Parshall suggested that Trump’s victory over the huge field of Republican competitors was a sign of God’s favor: “For those who have been praying and fasting through, during and for this process, have we now believed the sovereignty of God didn’t apply? Did He take off to Philadelphia, as W.C. Fields said? Or was a God sovereign in this entire process? Can God raise up a leader who just doesn’t look right to us, but is exactly who God wants for such a time as this?”

During a Q&A session, Parshall said that evangelicals should look to Trump’s pick of Mike Pence, “who represents everything we evangelicals love and support,” as his running mate. Wichterman said that the vice president has as much power as the president wants him to have. Trump, he said, is not someone who surrounds himself with people who challenge his authority or is willing to hear from dissenting opinions. “I don’t have any confidence that Mike Pence, a good man, will be able to have that influence on Donald Trump,” he said.

In his response to Parshall, Erickson said essentially that yes, we are all sinners, but do we revel in our sin or repent of it? Are we to lower the bar or strive for something higher? Embracing Trump, he said, neither glorifies God nor advances the kingdom. Parshall responded that Christians have responsibilities on earth to be engaged culturally and politically. She said she doesn’t care that Hillary Clinton says Jesus is her savior if she also supports “the denigration of marriage” and the “annihilation of the pre-born.” She said she was interested in what a candidate will do for the country and “first, last, and always, what will you do with the court?” She said the difference between the judges Hillary Clinton would nominate and Trump’s list is “the difference between darkness and light.”
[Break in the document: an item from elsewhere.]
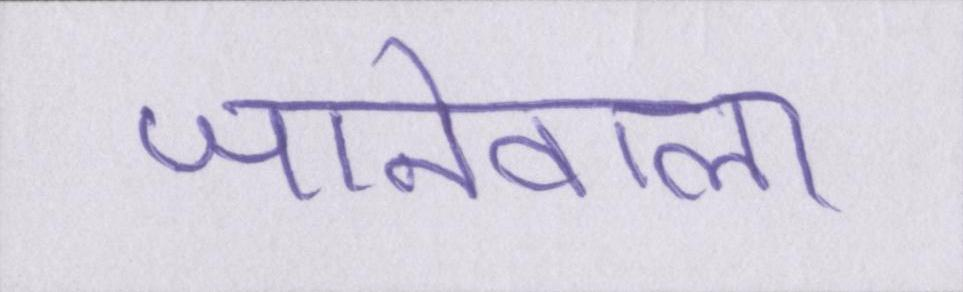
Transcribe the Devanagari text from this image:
जानेवाला

Harry Jackson started the second round, making the astonishing assertion that Trump “may be the only one who’s able to bring some substantive healing to the racial divide,” because, Jackson said, he could help the country by advancing “practical answers” on educational and economic opportunity.  Black and Hispanic voters, he said, have too often settled for “the politics of grievance.”

Jackson’s top three reasons for all Christians to vote for Trump were religious liberty, the Supreme Court, and support for Israel. He cited other reasons of particular interest to Black and Hispanic Christians to back Trump, including educational reform, economic development in urban areas, and family-oriented tax policies.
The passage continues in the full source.